Высокие туи, сосны и не сбросившие еще золотые иглы старые лиственницы украшали погост. Слышались крик одинокой чайки и посвист синиц. Туманный день превращался в сумерки, и я обходил кладбище, думая о нем как о заброшенном. Вдруг за дюной увидел я свежий холм, убранный осенними цветами; огни толстых свечей, плотно, с четырех сторон окружавших его, не колеблясь тянулись к небу. Видение внезапного сияющего холма испугало, праздное течение мыслей смешалось, и я поспешил на берег. Темнеющее небо отражалось в безмолвных водах. Лишь возникала над белыми ребристыми песками призрачная, бегущая к берегу тень и, добежав, оборачивалась чуть слышной волной. Море пахло хризантемой.
Судьбу чувствуешь всей кожей. Судьба зовет не словом, просто вдруг слышишь рядом ее вещее присутствие. Стоя на белых песках в густеющей серой темноте с остатками над горизонтом лимонного заката, я услышал ее, и, если перевести все в слова, получилось бы так:
- Создавшему тебя неугодно видеть тебя в вечной тоске по далекому и призрачному счастью. Ты угоден там, где родился. В полудикой твоей отчизне твое место, а не в королевствах. Жизнь коротка, а потому возвращайся домой. И будет там много всего, чем усмирится мятежное сердце беглеца.
Каждое возвращение от балтийских волн было мучительным. За окном вагона холодная осень, голые деревья, стаи ворон над обезглавленными колокольнями, невысыхающие лужи российских дорог. На железнодорожных переездах черные, куда-то бредущие согбенные фигуры. Нет, на сей раз не обвыкнусь - умру!

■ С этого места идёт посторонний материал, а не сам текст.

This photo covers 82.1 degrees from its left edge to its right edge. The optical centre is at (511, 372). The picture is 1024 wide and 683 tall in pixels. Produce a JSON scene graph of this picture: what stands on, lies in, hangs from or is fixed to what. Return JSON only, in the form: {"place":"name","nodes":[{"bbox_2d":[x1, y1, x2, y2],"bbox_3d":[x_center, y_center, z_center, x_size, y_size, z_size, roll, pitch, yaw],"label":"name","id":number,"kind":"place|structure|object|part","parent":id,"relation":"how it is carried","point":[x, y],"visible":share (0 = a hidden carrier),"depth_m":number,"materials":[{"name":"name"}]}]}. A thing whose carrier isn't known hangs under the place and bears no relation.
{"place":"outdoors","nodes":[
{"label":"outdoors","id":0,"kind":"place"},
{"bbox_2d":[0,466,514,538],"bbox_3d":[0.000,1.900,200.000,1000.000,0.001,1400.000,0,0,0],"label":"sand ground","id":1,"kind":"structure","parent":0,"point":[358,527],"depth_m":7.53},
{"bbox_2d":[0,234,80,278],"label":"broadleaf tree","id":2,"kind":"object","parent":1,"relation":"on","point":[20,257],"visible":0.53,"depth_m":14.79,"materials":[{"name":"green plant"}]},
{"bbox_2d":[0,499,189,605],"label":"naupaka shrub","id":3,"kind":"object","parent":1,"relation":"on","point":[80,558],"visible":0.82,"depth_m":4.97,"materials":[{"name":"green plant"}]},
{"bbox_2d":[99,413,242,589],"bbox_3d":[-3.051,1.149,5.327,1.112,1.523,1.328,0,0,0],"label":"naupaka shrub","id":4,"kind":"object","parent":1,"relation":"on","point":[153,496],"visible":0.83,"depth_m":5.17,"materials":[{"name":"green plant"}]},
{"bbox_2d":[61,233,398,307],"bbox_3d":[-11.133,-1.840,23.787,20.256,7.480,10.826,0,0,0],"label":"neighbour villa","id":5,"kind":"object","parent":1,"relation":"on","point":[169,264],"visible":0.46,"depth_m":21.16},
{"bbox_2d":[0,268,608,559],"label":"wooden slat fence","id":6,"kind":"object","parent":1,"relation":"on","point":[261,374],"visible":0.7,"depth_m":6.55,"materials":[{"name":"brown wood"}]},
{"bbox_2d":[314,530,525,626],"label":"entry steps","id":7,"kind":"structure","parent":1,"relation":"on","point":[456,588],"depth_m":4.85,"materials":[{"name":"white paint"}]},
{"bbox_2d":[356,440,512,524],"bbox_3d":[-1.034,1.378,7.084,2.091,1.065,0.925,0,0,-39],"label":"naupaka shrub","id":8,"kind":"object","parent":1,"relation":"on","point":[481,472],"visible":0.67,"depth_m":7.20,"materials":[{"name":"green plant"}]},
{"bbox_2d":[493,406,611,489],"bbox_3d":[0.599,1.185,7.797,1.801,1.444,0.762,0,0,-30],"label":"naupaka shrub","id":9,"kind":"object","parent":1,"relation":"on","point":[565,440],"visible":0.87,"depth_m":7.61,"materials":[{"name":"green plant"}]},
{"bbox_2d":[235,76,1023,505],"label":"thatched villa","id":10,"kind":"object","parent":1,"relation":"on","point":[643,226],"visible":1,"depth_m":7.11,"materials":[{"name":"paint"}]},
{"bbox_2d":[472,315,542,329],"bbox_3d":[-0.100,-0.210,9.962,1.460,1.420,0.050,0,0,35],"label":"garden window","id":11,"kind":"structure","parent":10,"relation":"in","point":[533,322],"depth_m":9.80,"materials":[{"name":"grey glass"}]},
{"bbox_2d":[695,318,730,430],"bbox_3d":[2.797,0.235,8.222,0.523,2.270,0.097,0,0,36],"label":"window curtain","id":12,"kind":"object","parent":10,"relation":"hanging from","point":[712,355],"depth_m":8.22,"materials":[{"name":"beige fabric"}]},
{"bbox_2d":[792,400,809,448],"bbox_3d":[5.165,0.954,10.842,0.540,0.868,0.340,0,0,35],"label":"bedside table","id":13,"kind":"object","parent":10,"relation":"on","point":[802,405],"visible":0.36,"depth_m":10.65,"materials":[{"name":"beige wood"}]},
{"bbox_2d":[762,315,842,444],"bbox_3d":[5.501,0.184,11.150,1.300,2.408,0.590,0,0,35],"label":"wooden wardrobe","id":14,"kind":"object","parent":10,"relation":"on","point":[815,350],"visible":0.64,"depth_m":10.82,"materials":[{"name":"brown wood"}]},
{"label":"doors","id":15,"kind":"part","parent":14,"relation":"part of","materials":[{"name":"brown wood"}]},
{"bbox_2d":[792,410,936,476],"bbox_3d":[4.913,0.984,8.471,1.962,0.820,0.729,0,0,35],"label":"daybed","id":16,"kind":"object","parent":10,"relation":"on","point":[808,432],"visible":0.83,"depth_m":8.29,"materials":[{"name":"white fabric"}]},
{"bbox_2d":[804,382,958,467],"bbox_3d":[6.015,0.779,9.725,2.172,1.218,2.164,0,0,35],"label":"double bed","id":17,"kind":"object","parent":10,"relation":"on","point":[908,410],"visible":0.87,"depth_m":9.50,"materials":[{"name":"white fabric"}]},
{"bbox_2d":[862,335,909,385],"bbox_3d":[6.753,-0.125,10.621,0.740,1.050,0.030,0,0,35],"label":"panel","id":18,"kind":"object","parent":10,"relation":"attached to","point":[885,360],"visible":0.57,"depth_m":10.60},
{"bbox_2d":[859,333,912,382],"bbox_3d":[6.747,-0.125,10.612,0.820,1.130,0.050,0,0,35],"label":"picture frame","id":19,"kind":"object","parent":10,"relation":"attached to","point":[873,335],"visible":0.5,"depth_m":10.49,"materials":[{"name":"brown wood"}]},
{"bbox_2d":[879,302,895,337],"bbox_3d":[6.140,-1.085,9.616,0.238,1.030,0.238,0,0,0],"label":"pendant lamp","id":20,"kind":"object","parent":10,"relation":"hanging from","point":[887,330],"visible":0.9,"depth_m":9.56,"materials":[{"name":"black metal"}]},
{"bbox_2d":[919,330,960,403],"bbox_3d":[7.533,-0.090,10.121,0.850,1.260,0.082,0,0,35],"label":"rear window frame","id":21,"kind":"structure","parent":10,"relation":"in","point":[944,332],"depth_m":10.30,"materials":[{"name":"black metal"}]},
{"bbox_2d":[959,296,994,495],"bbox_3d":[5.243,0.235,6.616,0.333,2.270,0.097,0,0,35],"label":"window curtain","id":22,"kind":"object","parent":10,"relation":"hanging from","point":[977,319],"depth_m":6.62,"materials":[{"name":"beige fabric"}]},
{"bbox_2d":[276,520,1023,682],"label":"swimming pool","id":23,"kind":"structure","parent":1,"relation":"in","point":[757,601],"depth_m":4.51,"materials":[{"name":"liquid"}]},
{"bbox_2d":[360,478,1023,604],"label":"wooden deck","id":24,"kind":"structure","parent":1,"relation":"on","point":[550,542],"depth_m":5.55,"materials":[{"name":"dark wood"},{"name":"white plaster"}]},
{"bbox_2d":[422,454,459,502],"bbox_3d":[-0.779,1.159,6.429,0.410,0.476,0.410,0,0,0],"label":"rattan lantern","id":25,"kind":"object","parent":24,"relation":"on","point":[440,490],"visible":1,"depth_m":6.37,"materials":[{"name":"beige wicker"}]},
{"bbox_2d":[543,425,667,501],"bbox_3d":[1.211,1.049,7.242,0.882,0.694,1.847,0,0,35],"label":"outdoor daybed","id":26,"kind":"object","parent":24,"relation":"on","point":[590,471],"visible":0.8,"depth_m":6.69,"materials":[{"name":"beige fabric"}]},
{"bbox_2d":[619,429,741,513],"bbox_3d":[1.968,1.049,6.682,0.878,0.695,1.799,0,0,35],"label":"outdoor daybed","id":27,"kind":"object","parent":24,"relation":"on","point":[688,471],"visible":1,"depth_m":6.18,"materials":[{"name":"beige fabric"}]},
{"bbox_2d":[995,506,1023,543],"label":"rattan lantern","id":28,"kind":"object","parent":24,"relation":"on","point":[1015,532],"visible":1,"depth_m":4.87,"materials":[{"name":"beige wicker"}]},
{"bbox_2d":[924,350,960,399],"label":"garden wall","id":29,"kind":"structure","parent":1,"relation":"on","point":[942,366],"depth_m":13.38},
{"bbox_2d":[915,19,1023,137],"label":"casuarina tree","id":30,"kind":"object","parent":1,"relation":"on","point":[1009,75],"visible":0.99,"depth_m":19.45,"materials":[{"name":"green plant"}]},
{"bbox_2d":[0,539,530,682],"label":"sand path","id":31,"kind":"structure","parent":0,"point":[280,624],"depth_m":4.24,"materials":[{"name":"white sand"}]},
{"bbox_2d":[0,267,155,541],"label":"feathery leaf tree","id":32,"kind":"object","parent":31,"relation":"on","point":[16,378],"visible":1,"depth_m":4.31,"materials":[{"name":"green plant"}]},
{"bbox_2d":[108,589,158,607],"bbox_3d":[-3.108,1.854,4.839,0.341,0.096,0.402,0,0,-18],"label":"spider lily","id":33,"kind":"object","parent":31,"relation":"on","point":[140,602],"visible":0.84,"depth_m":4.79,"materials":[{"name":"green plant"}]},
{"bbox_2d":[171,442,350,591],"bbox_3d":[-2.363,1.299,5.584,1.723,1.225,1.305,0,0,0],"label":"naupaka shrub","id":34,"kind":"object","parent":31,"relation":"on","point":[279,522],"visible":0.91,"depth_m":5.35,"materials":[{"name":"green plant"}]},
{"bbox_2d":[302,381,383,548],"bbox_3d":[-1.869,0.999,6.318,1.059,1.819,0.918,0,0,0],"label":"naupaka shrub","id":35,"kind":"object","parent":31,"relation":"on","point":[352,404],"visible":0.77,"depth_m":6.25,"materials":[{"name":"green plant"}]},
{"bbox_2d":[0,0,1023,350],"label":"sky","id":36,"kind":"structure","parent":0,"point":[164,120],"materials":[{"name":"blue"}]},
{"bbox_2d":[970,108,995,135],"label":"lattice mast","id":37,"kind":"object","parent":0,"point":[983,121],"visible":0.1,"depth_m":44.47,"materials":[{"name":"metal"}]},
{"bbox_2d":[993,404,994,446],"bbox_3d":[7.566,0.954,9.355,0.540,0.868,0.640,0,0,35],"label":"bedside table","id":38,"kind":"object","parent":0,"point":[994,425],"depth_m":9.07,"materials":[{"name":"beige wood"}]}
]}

Но вот я жив, иду, и надо мною циклон из Норвегии. Вдруг синенький, будто видавший виды старушечий платочек, просвет - и в просвете клин журавлей. Опершись на палку, смотрю я в небо - и нет сил двинуться. Снова холодный дождик из облаков, проплывших недавно над Норвегией, затем над кладбищем в дюнах - и вот они здесь, над Россией.
Жемчужина
Песчинка попала в раковину. Живущему в раковине моллюску песчинка эта доставляет неудобство, быть может, боль. Он бы вытолкнул песчинку, да не может в силу своей биологической беззащитности. И моллюск, выделяя необходимую субстанцию, начинает защищаться, принимается обволакивать этой субстанцией незваного гостя.

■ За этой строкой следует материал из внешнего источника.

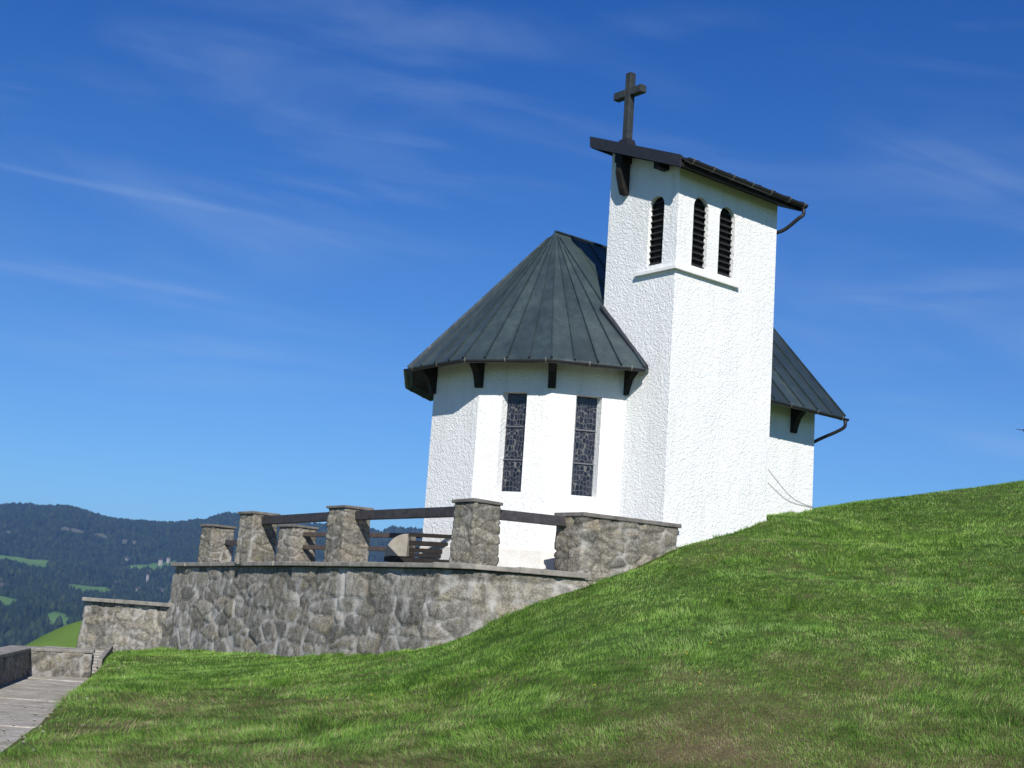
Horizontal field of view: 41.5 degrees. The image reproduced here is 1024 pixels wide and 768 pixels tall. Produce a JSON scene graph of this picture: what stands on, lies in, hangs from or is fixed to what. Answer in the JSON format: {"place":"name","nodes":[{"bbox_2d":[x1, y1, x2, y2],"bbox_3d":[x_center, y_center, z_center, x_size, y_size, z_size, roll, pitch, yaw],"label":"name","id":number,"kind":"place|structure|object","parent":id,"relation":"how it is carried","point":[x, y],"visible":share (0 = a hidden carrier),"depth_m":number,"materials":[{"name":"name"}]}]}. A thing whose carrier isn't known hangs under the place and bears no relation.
{"place":"outdoors","nodes":[
{"label":"outdoors","id":0,"kind":"place"},
{"bbox_2d":[0,676,88,750],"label":"path","id":1,"kind":"structure","parent":0,"point":[30,691],"depth_m":19.01,"materials":[{"name":"grey stone"}]},
{"bbox_2d":[2,616,503,750],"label":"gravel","id":2,"kind":"structure","parent":1,"relation":"on","point":[21,735],"depth_m":16.38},
{"bbox_2d":[0,508,385,638],"bbox_3d":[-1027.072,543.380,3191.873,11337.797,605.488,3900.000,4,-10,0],"label":"hills","id":3,"kind":"structure","parent":0,"point":[52,615],"depth_m":3110.07,"materials":[{"name":"green plant"}]},
{"bbox_2d":[158,558,163,565],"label":"farmhouse","id":4,"kind":"object","parent":3,"relation":"on","point":[160,561],"visible":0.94,"depth_m":3167.10,"materials":[{"name":"grey"}]},
{"bbox_2d":[0,502,422,646],"bbox_3d":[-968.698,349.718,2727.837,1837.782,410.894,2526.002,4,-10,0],"label":"forest","id":5,"kind":"object","parent":3,"relation":"on","point":[46,591],"visible":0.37,"depth_m":3210.17,"materials":[{"name":"green plant"}]},
{"bbox_2d":[0,479,1023,767],"bbox_3d":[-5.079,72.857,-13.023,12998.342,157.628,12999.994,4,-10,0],"label":"ground","id":6,"kind":"structure","parent":0,"point":[66,636],"depth_m":14.70,"materials":[{"name":"green plant"}]},
{"bbox_2d":[0,645,94,686],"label":"path wall","id":7,"kind":"structure","parent":6,"relation":"on","point":[18,662],"depth_m":24.39,"materials":[{"name":"grey stone"}]},
{"bbox_2d":[44,646,114,676],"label":"steps","id":8,"kind":"structure","parent":6,"relation":"on","point":[97,653],"depth_m":30.50,"materials":[{"name":"grey stone"}]},
{"bbox_2d":[96,645,112,668],"bbox_3d":[-8.233,5.515,27.359,0.100,0.366,3.079,6,-10,-12],"label":"edging stone","id":9,"kind":"object","parent":6,"relation":"on","point":[108,650],"visible":0.81,"depth_m":26.65,"materials":[{"name":"grey stone"}]},
{"bbox_2d":[76,597,172,650],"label":"stone wall","id":10,"kind":"structure","parent":6,"relation":"on","point":[123,624],"depth_m":32.81,"materials":[{"name":"grey stone"}]},
{"bbox_2d":[160,561,597,656],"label":"stone terrace","id":11,"kind":"structure","parent":6,"relation":"on","point":[288,608],"depth_m":24.11,"materials":[{"name":"grey stone"}]},
{"bbox_2d":[197,524,236,562],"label":"stone pillar","id":12,"kind":"structure","parent":11,"relation":"on","point":[213,548],"depth_m":33.75,"materials":[{"name":"grey stone"}]},
{"bbox_2d":[224,540,277,545],"bbox_3d":[-6.217,3.884,32.989,2.723,0.130,0.120,-5,-14,42],"label":"wooden rail","id":13,"kind":"object","parent":12,"relation":"attached to","point":[231,542],"visible":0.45,"depth_m":33.61,"materials":[{"name":"brown wood"}]},
{"bbox_2d":[234,511,280,563],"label":"stone pillar","id":14,"kind":"structure","parent":11,"relation":"on","point":[256,541],"depth_m":28.16,"materials":[{"name":"grey stone"}]},
{"bbox_2d":[261,512,328,524],"bbox_3d":[-4.192,2.667,26.816,0.150,0.165,3.627,11,-12,-33],"label":"wooden rail","id":15,"kind":"object","parent":14,"relation":"attached to","point":[296,518],"visible":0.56,"depth_m":26.85,"materials":[{"name":"brown wood"}]},
{"bbox_2d":[275,524,318,561],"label":"stone pillar","id":16,"kind":"structure","parent":11,"relation":"on","point":[292,540],"depth_m":31.66,"materials":[{"name":"grey stone"}]},
{"bbox_2d":[302,545,419,550],"bbox_3d":[-3.167,3.674,30.169,4.702,0.100,0.100,-5,-13,41],"label":"wooden rail","id":17,"kind":"object","parent":16,"relation":"attached to","point":[322,547],"visible":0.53,"depth_m":31.15,"materials":[{"name":"brown wood"}]},
{"bbox_2d":[303,532,421,537],"bbox_3d":[-3.147,3.379,30.221,4.702,0.100,0.100,-5,-13,41],"label":"wooden rail","id":18,"kind":"object","parent":16,"relation":"attached to","point":[372,535],"visible":0.51,"depth_m":30.09,"materials":[{"name":"brown wood"}]},
{"bbox_2d":[323,505,373,561],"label":"stone pillar","id":19,"kind":"structure","parent":11,"relation":"on","point":[347,536],"depth_m":24.88,"materials":[{"name":"grey stone"}]},
{"bbox_2d":[384,533,451,562],"bbox_3d":[-1.146,3.352,24.890,2.370,1.115,0.550,2,-10,12],"label":"bench","id":20,"kind":"object","parent":11,"relation":"on","point":[401,548],"visible":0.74,"depth_m":24.87,"materials":[{"name":"wood"}]},
{"bbox_2d":[448,498,502,565],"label":"stone pillar","id":21,"kind":"structure","parent":11,"relation":"on","point":[475,539],"depth_m":21.83,"materials":[{"name":"grey stone"}]},
{"bbox_2d":[355,506,453,519],"bbox_3d":[-1.790,2.265,23.628,0.150,0.165,3.522,12,-13,-37],"label":"wooden rail","id":22,"kind":"object","parent":21,"relation":"attached to","point":[417,513],"visible":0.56,"depth_m":23.60,"materials":[{"name":"brown wood"}]},
{"bbox_2d":[500,509,565,525],"bbox_3d":[0.280,2.226,22.491,1.480,0.165,0.150,9,-11,-24],"label":"wooden rail","id":23,"kind":"object","parent":21,"relation":"attached to","point":[528,517],"visible":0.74,"depth_m":22.44,"materials":[{"name":"wood"}]},
{"bbox_2d":[554,512,681,580],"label":"parapet wall","id":24,"kind":"structure","parent":11,"relation":"on","point":[595,545],"depth_m":22.67,"materials":[{"name":"grey stone"}]},
{"bbox_2d":[149,509,817,657],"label":"edge grass","id":25,"kind":"structure","parent":6,"relation":"on","point":[404,649],"depth_m":23.32,"materials":[{"name":"green plant"}]},
{"bbox_2d":[403,72,848,569],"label":"chapel","id":26,"kind":"structure","parent":6,"relation":"on","point":[646,363],"depth_m":24.71,"materials":[{"name":"white paint"}]},
{"bbox_2d":[502,393,526,491],"bbox_3d":[0.054,1.067,24.583,0.380,1.840,0.060,0,-11,20],"label":"leaded window","id":27,"kind":"structure","parent":26,"relation":"in","point":[517,403],"depth_m":24.59,"materials":[{"name":"black glass"}]},
{"bbox_2d":[571,396,596,496],"bbox_3d":[1.312,1.134,24.468,0.380,1.840,0.060,6,-10,-9],"label":"leaded window","id":28,"kind":"structure","parent":26,"relation":"in","point":[586,408],"depth_m":24.46,"materials":[{"name":"black glass"}]},
{"bbox_2d":[0,0,1023,531],"label":"sky","id":29,"kind":"structure","parent":0,"point":[231,231],"materials":[{"name":"blue"}]}
]}

Павел Андреевич Федотов родился в Москве 22 июня 1815 года, в приходе Харитония, что в Огородниках. Он рос среди пахнущих укропом огородов, ограждающих огороды плетней, огородных пугал. Забираясь на крышу маленького своего дома, он видел другие дворы, крыши, синие дали, сверкающие маковки церквей, слышал их перезвоны. Он играл на сеннике, и, зная по портретам его взгляд и о том, как горестно закончил он земную жизнь, можно легко представить его детские глаза: настороженные, с потаенной за ними тоской, которой почти всегда отмечается гений. Забравшись на березу, он окаменевал, думая о чем-то, ему самому еще неизвестном. Зимой стояли над московскими крышами голубые дымы, закаты были малиновы, снег скрипел под полозьями саней, пахло конским навозом, по утрам свежеиспеченным хлебом.

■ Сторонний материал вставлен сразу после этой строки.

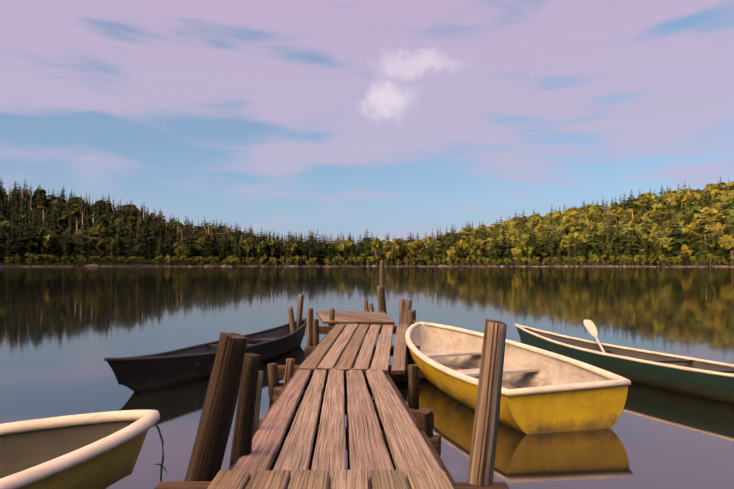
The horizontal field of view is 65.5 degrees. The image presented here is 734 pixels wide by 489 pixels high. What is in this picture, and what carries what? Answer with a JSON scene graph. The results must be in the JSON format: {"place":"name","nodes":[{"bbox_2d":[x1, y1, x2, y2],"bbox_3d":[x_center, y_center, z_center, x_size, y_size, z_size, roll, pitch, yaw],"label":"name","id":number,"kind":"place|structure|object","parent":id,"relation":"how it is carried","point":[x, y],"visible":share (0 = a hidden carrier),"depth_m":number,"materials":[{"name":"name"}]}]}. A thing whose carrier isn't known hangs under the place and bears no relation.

Павел Андреевич подрастал. Одиннадцати лет отдан в Московский кадетский корпус. Учился хорошо. В свободное время ради забавы рисовал. Но больше любил петь, подыгрывая себе на гитаре. Кадету Федотову жилось недурно. В 1833-м Корпус окончил. Окончил среди первых, потому фамилия его - золотыми литерами на мраморной доске. Но странно, по рисованию и черчению планов отмечен ленивым. Выпущен в лейб-гвардии Финляндский полк прапорщиком. Началась петербургская жизнь.
Песчинка, обрабатываемая моллюском, постепенно превращается в маленькую жемчужину. Что в это время испытывает моллюск, мы не знаем.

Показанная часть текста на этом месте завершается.